**Exercise instructions:** Without the pictures, copy all of the data exactly.

**Supplied entries:**

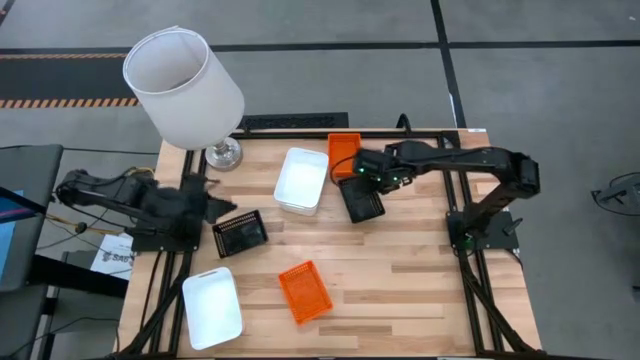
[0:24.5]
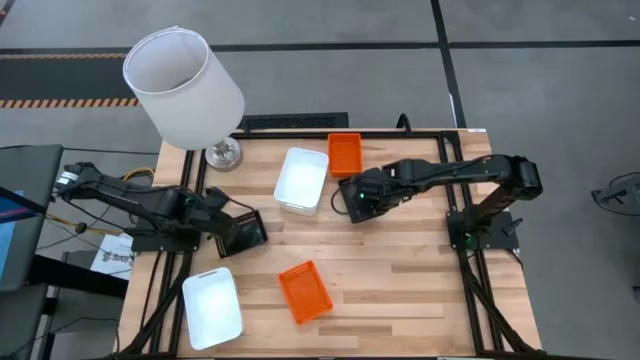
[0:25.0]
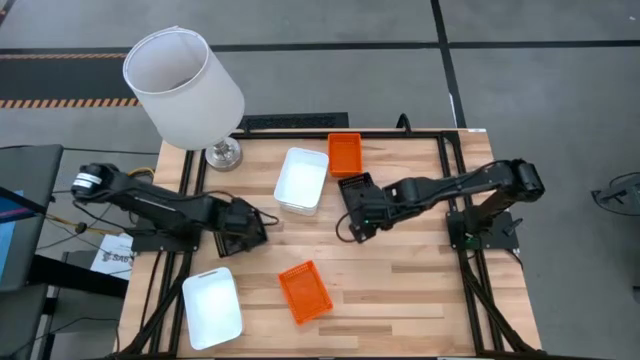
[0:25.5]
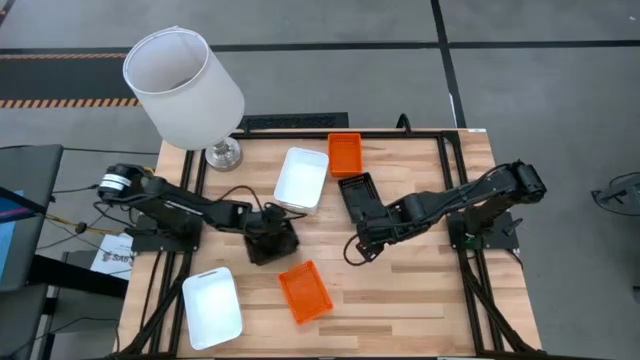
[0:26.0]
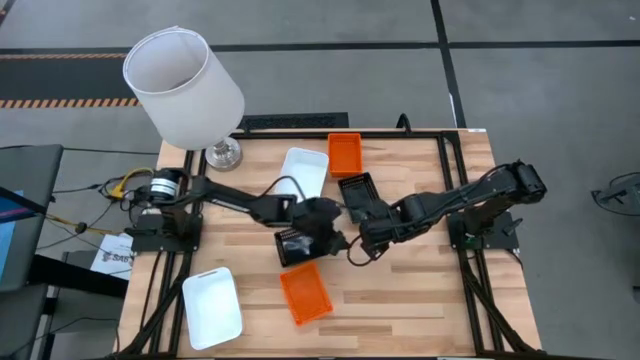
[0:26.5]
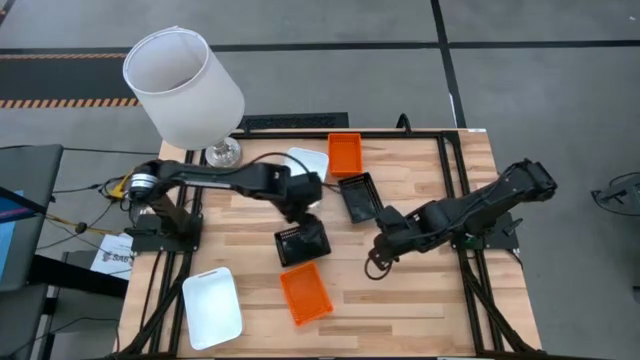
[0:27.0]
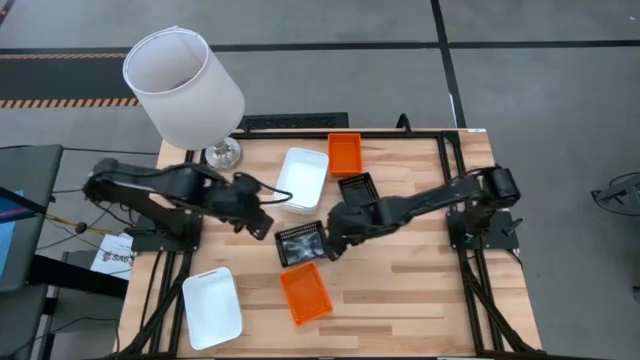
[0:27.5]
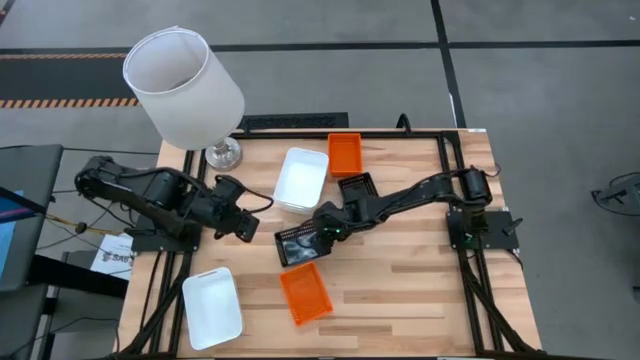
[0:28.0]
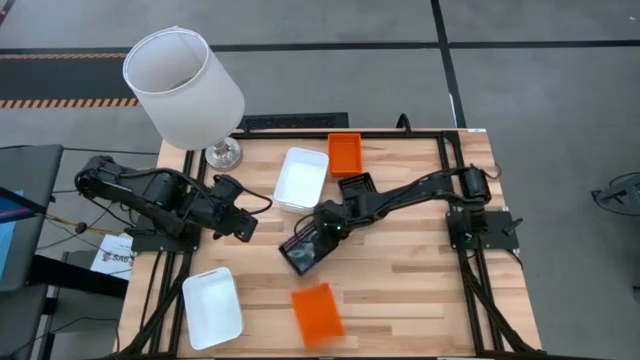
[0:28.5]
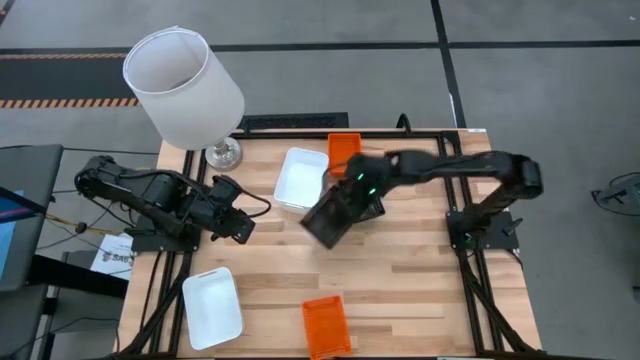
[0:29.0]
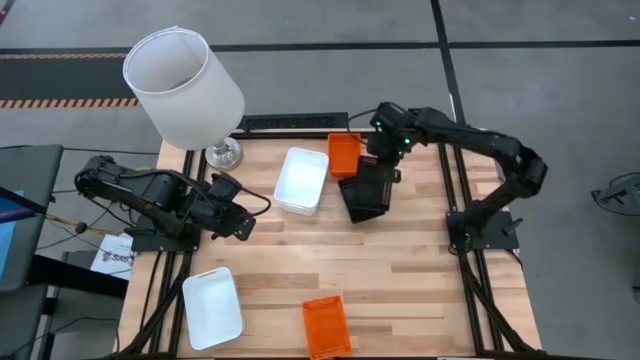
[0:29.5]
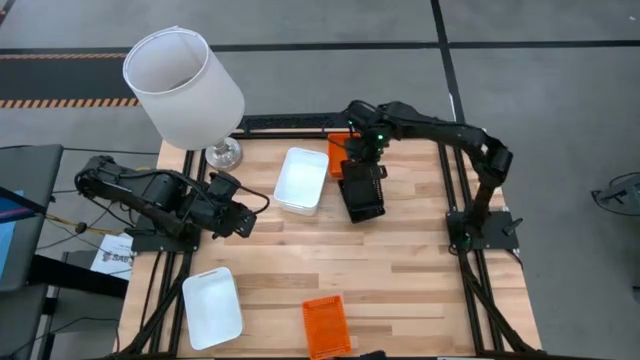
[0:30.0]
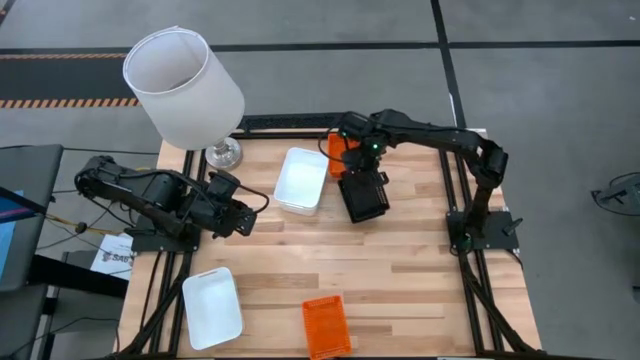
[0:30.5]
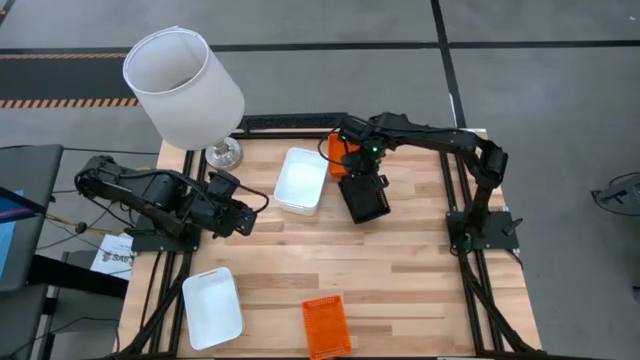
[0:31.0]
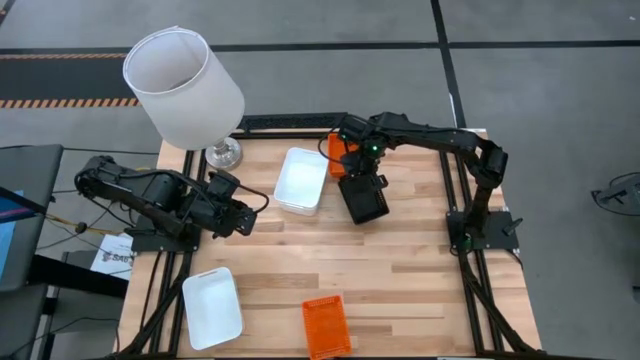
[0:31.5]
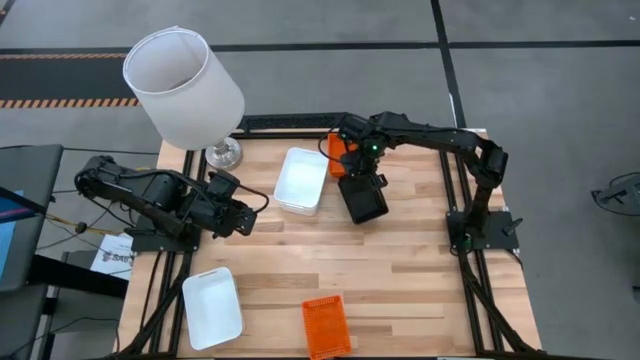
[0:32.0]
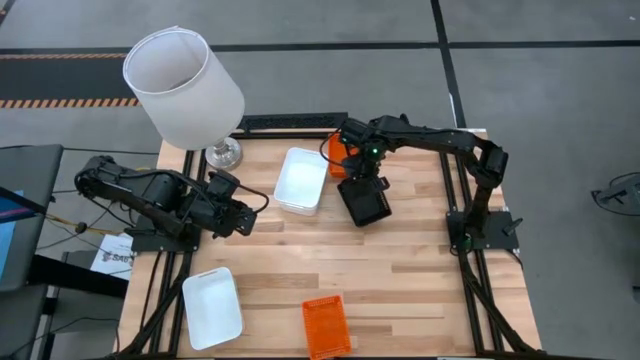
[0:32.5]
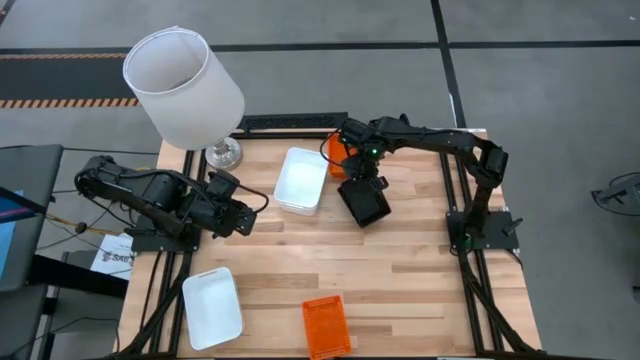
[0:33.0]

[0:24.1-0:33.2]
Stack the black bin on the right black bin

**Output for this exercise:**
[0:24.5]
[0:25.0]
[0:25.5]
[0:26.0]
[0:26.5]
[0:27.0]
[0:27.5]
[0:28.0]
[0:28.5]
[0:29.0]
[0:29.5]
[0:30.0]
[0:30.5]
[0:31.0]
[0:31.5]
[0:32.0]
[0:32.5]
[0:33.0]

[0:24.1-0:33.2]
Stack the black bin on the right black bin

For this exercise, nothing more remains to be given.